Обиженный парень скрывается, зовет приятелей:
— Айда, свои им не «ндравятся». Девки форсные, а женихи у них — навозные. Хоть навозные, дескать, да зато привозные. — Бренькает струнами, поет, срываясь на крикливый фальцет:
Ух ты, Катенька моя,
Хуже лихорадки,
Щи варила — пролила,
Обварила пятки!
Катька хохочет:
— Ни фига себе! — И даже на свои голые пятки недоверчиво взглянула: — Брехун! И ах! — тут же резко хлопнула себя по икре. — Комар! Дурной, меня ж как укусишь — сразу сдохнешь...
— Зайду, Катерина-а! — уже издали кричит парень.
— А мне Колька... ничего. Может, зря ты, Катерина?
— Ты чо, Онь! На лицо-то яйцо, а в середине — болтун! У него ж сердце мамино: на какую ни глянет, на ту и вянет. На фига нужно! Скольких уж перебрал! А тут — коса на камень, его и заело. Не-е-ет, Онюшка, я все еще по Пете-Петяше сохну. Прозевала я его. Знаешь... — Приплясывает с отчаянием, почти со слезами:
И юбка чи-чи,
И оборка чи-чи,
Прочичикала миленка,
А теперьчи хоть кричи!
Вот если б такой, как у тебя. Да куда мне, расконопатющей! Вон даже Колька поет:
Конопатая моя милая Катяша,
Пропадаю без тебя, как без масла каша...
— Все-таки, наверное, любит, — смеется Оня, как бы впервые вглядываясь в подругу. Катька вся из контрастов: волосы рыжие, почти красные, лицо белое-белое, глаза, наоборот, черные, а по лицу, по идеально белым рукам и ногам — продолговатые брызги коричневых веснушек, словно на Катьку малярной кистью неосторожно махнули. Особенно много их сейчас, весной. — Есть в тебе бесовская изюминка...
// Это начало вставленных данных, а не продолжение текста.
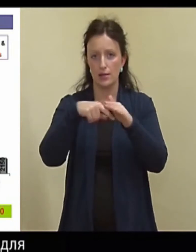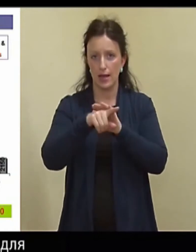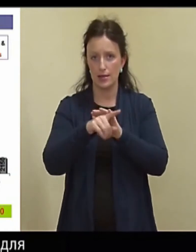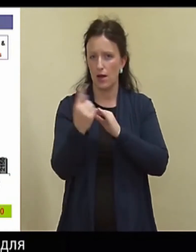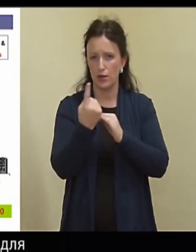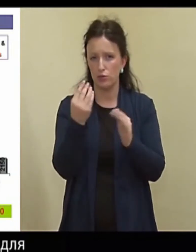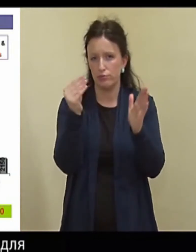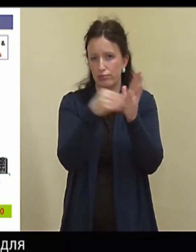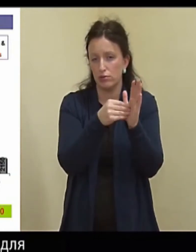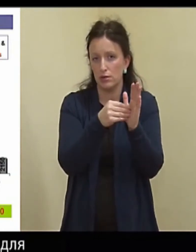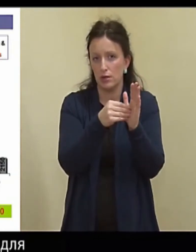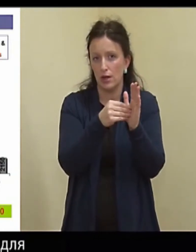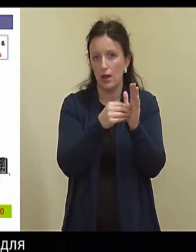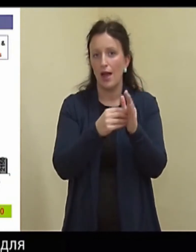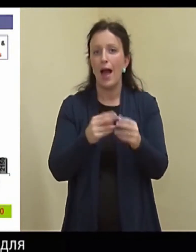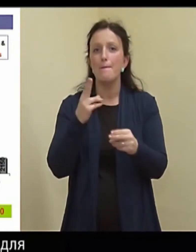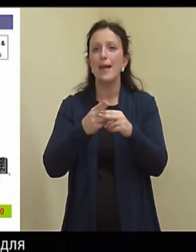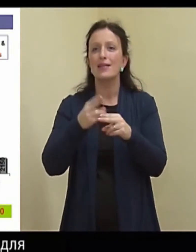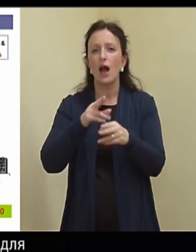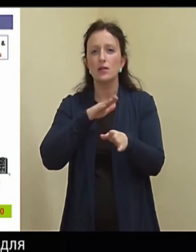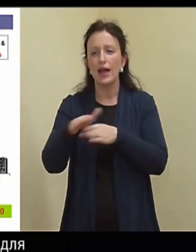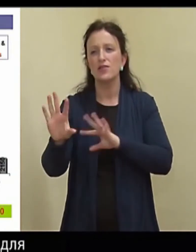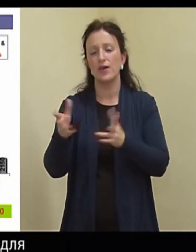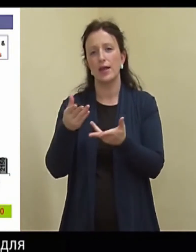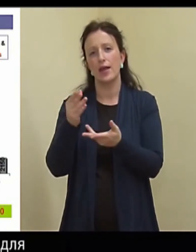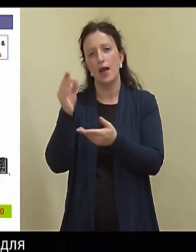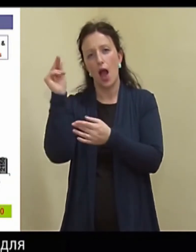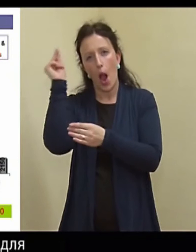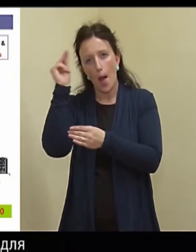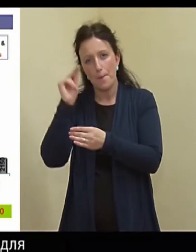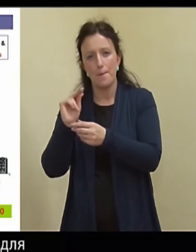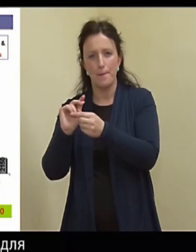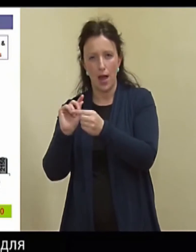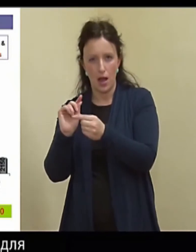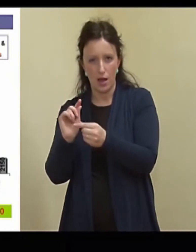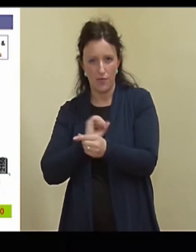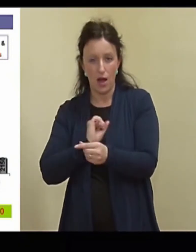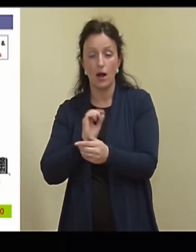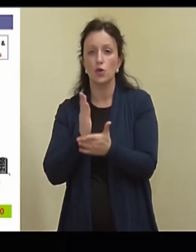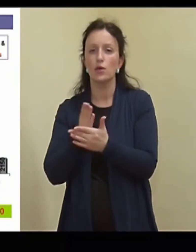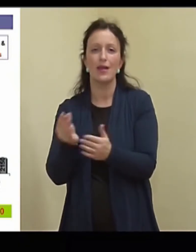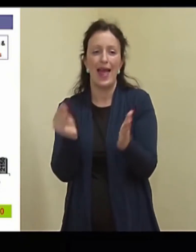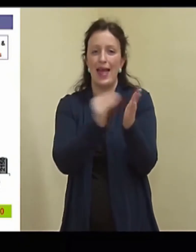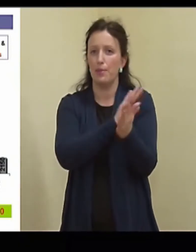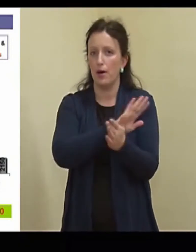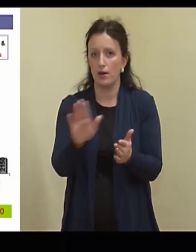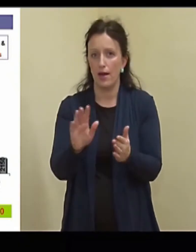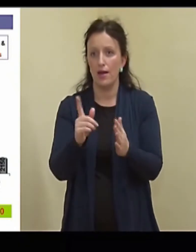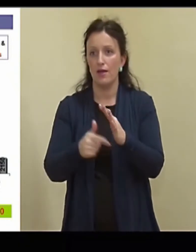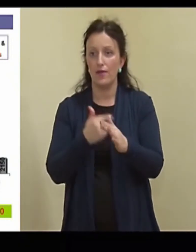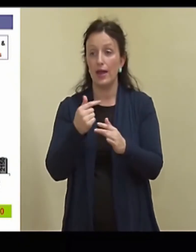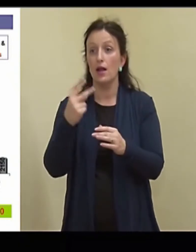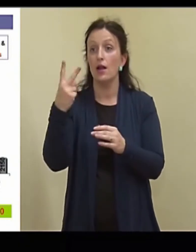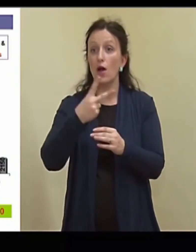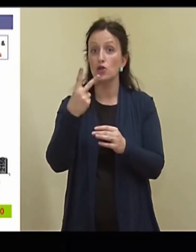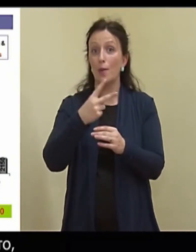Kõik see, mis on täismetallist, õppe, oma otstarbelised, neid me siia ei kirjuta. Ja samamoodi kõik need, mis on suuremad

— А! Знаю я, чо им от меня... Раз, мол, сходила замуж, неча, мол, выламываться, мол, не быть бабе девкою! Вот и-и-и... — Хлопает ладонью по руке, — липнут, как комары... А тебе — чо! Везучая. И нарядов у тебя неизносно. И красивая. И женихов навалом. А уж Артем! Я возле такого... — Она ткнула пальцем вверх, задирая пипку носа. — Тебе — чо!
— Не завидуй! — Оня обняла ее и потерлась щекой о ее плечико. — Все и у тебя обладится.
— Ох, подруженька...
— Оня, почту принесли. — Филаретовна вышла на ступеньки с помойным ведром, и Катька тут же переняла его:
— Давайте, я выплесну! — И побежала с ведром на задний двор, оттопыривая руку, оттопыривая на руке мизинчик, быстрая, шустрая.
А Оня вынула из ящика, прибитого с этой стороны забора, почту, возвратилась на веранду. Газеты кинула на стол, занялась письмами и открытками.
— Это мне, мам... С Днем Победы поздравляют.
Катька стрельнула глазами через ее плечо:
— И с законным браком! Одни парни! А девчонки от зависти лопаются.
— Ну Катерина... Один Володька Вавилкин поздравил, а ты...
— Еще ж только смотрины, — многозначительно сказала Филаретовна, уходя в дом.
— Что сегодня в газетках пишут-с? — взялась Катька за газеты. — Люблю с последней страницы читать. — Вдруг начинает хохотать, на ее хохот выглянула Филаретовна. — Слушайте, что пишут! Пловец — плохой плов. Предвкушение — выпивка перед закуской. Баранка — овца... Ох-х ты-ы-ы! Ох и ох, Онечка. Посмотри! — взнесла газету с большим портретом на первой странице.
— Артем! — ойкнула Оня.
— Он самый! — Подошла и Филаретовна, вытирая руки о фартук.
— Собственной персоной! Передовой механизатор колхоза «Дружба», систематически перевыполнял нормы на весеннем севе! — Пытается повесить газету на стене дома, но Оня забирает:
— Загордится еще... Мам, ты горчицу заварила? Артем горчицу любит.
Филаретовна остановилась у порога, усмехнулась:
— Заварила. Все узнала: что любит, что не любит...
— А чо! — подхватывается Катька. — И я б все о таком! За полгода все можно узнать.
— Люди, Катенька, жизнь вместе живут, да не знают всего друг про дружку. — Филаретовна морщит переносицу, вполголоса пересчитывает, незаметно для себя загибая на руке пальцы: — Так, Петровы знают. Митрясовы придут, Вавилкины — тоже... Твердо ль обещал Крайнов Иван Иваныч?
— Не очень, мам. В поле, говорит, надо ехать.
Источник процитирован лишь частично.